# Instance_Insertion
**Repository Path**: mirrors_NVlabs/Instance_Insertion
## Basic Information
- **Project Name**: Instance_Insertion
- **Description**: No description available
- **Primary Language**: Unknown
- **License**: Not specified
- **Default Branch**: master
- **Homepage**: None
- **GVP Project**: No
## Statistics
- **Stars**: 0
- **Forks**: 0
- **Created**: 2020-08-18
- **Last Updated**: 2026-05-23
## Categories & Tags
**Categories**: Uncategorized
**Tags**: None
## README
# Context-aware Synthesis and Placement of Object Instances
Please find the technique details in the [paper](https://papers.nips.cc/paper/8240-context-aware-synthesis-and-placement-of-object-instances.pdf)
## License
Copyright (C) 2018 NVIDIA Corporation. All rights reserved. Licensed under the CC BY-NC-SA 4.0 license (https://creativecommons.org/licenses/by-nc-sa/4.0/legalcode).
## Network Architecture
The network contains two major modules, a "where" module (the first figure) to determine the fesiable location of the object, and a "what" module (the second figure) to generate a proper shape.
The two modules are jointly trained, where the blue dashed arrows indicate the linkage of them.
## Dataset
- Download and place [cityscape dataset](https://www.cityscapes-dataset.com/) at "db_root" in the options.py
## How to run the code
- Check `options.py` and specify your own path accordingly.
- Run `main.py`, it will save results for pairs of different random vectors, i.e., (z_appr1, z_spatial1), (z_appr2, z_spatial1), and (z_appr1, z_spatial2)
**All code tested on Ubuntu 16.04, pytorch 0.3.1, and opencv 3.4.0**
## Explanation of code details
`options.py`
- `db_root`: as explained above
- `target_class`: person or car
- `image_sizex_small`: image width when training where module
- `image_sizey_small`: image height when training where module
- `image_sizex_big`: image width when training what module
- `image_sizey_big`: image height when training what module
- `compact_sizex`: image width of generated object
- `compact_sizey`: image height of generated object
- `embed_dim_small`: dim of output of an encoder in where module
- `embed_dim_big`: dim of output of an encoder in what module
`main.py`
- Training part starts from line 56
- Between line 56 and 161, it loads training images and check whether it is okay to proceed.
We pick 2 seg maps at random.
Image 1) `b_real_seg_small` or `b_real_seg_big` corresponds to x+ in where and what.
It is contains at least one object (variable "has_ins"), then proceed (line 94).
Then, check whether there is at least one proper object that are not too small or too narrow (line 120).
Image 2) `b_cond_seg_small` or `b_cond_seg_big` corresponds to x in where and what. It is just a random image.

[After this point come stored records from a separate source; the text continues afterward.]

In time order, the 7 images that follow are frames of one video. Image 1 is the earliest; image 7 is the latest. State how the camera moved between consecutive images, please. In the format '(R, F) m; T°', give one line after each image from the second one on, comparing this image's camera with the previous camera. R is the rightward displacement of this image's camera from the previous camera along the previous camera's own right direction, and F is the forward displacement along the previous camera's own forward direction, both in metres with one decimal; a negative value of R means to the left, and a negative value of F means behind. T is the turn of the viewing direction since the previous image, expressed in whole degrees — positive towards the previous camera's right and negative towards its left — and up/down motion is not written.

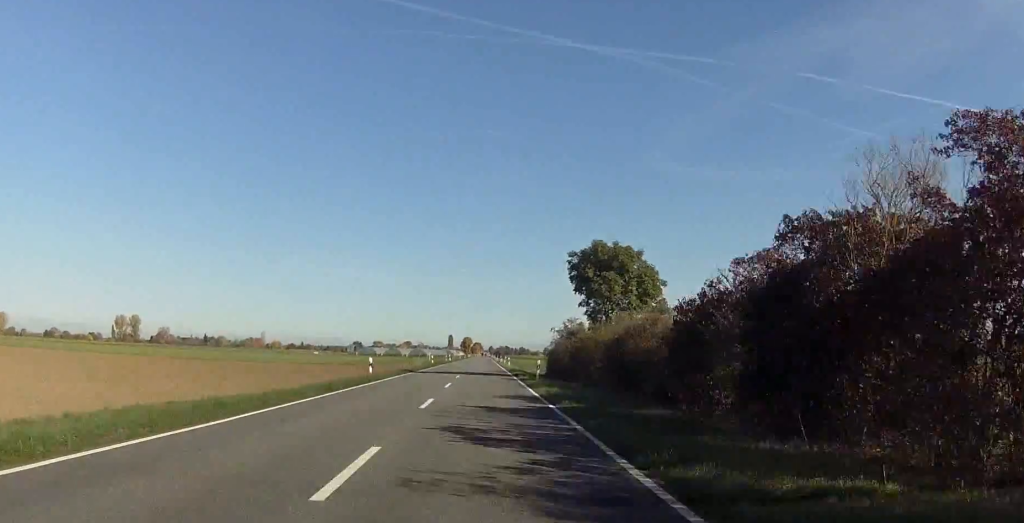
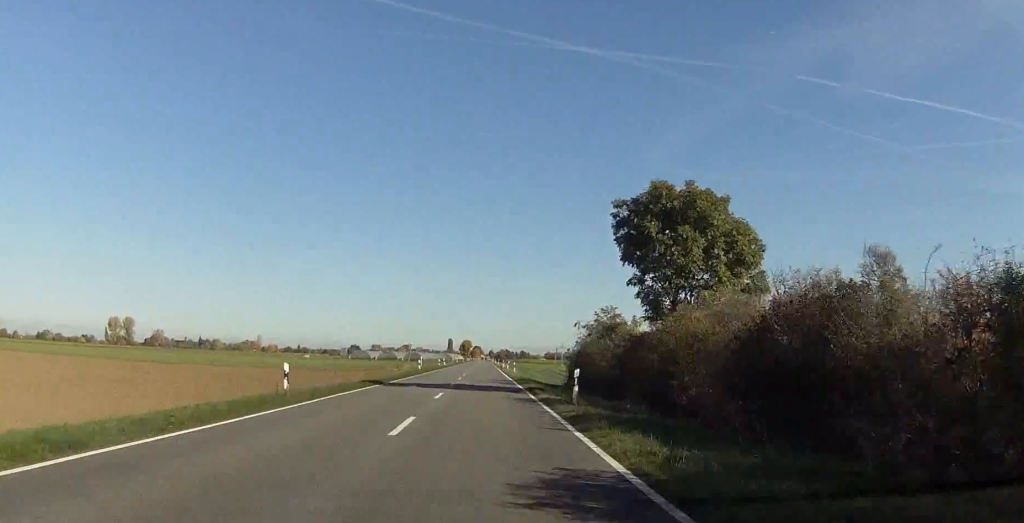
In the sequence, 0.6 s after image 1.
(0.0, +18.4) m; 0°
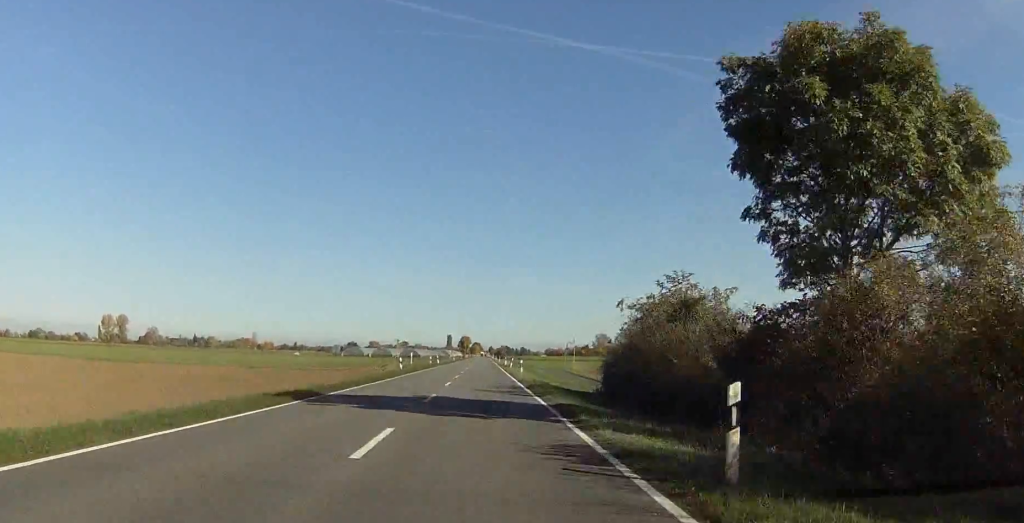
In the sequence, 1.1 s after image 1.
(0.0, +16.1) m; 0°
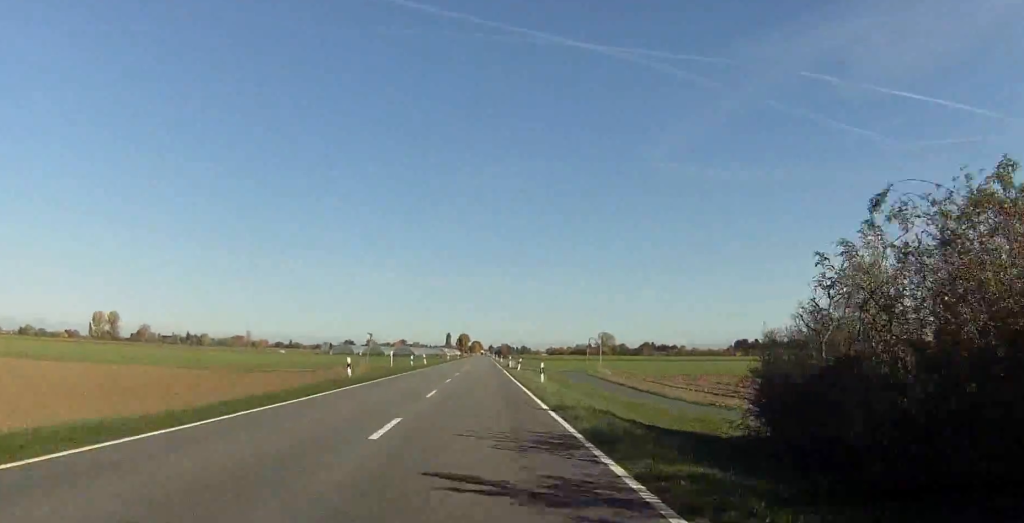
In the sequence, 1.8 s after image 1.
(0.0, +22.5) m; 0°
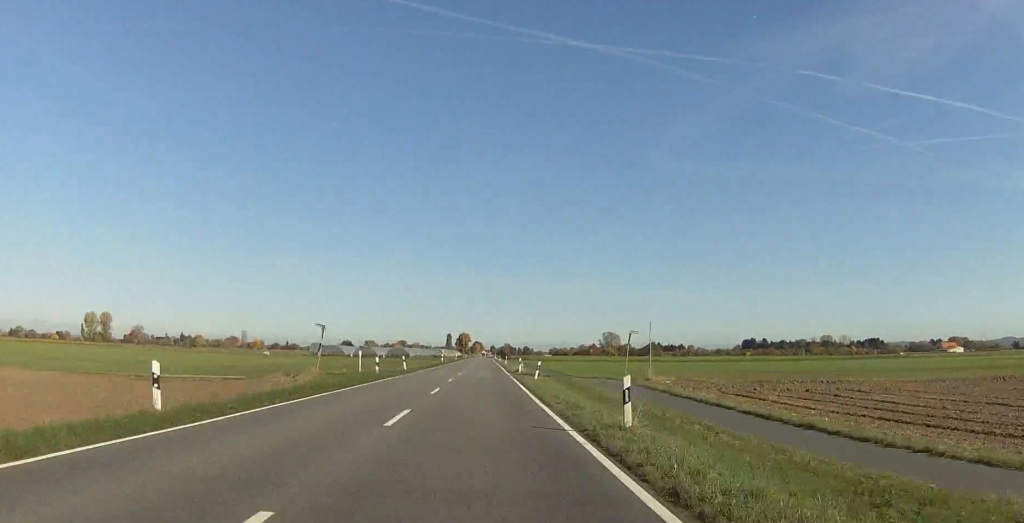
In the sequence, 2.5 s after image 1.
(0.0, +22.3) m; 0°
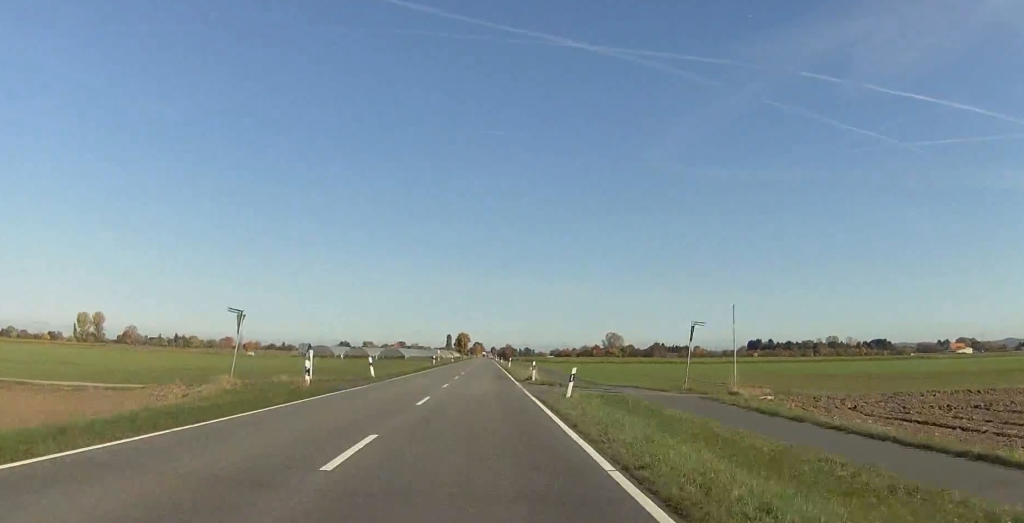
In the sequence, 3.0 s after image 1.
(0.0, +17.9) m; 0°
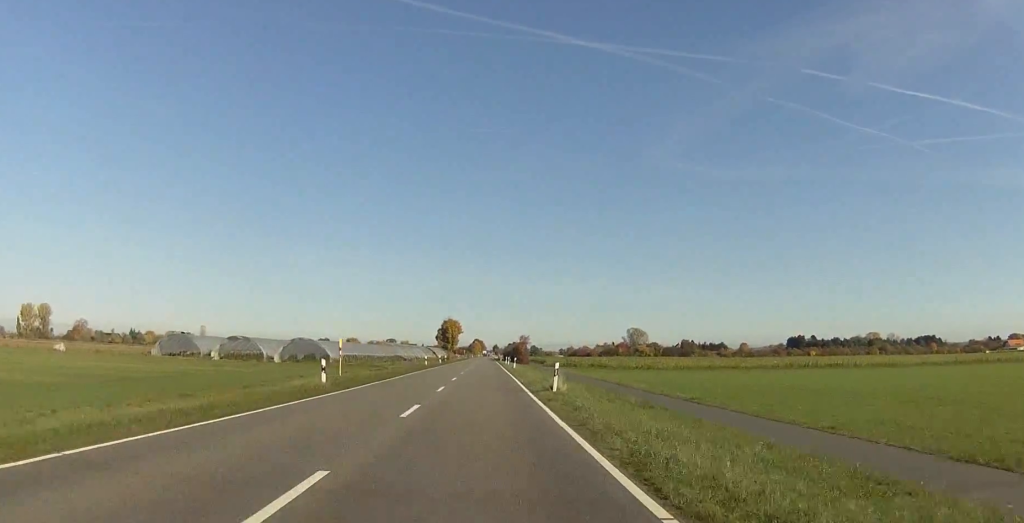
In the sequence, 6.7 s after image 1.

- Forward starts at line 161
- Log at line 186
- Save images at line 203
`model.py`
- Define networks in line 44. Networks are actually defined in networks.py
- Define optimizers in line 114
- Set inputs from line 152-240
We transform a box using A into x+ to prepare real examples, which is done by `stn_fix`.
- Reparameterize function for VAE in line 241
- Computing edges in line 249-266
- Helper functions in line 268-286
- Forward where supervised in line 288-315
- Forward where/what unsupervised in line 316-374
- Forward what supervised in line 375-399
- Backward for each discriminator in line 401-463
- Backward for generation parts in line 465-539
`coord_loss`: make sure that the whole compact instance is transformed.
`stn_theta_loss`: preventing to predict too small objects or flipped objects
For other losses you can understand what it is by its name.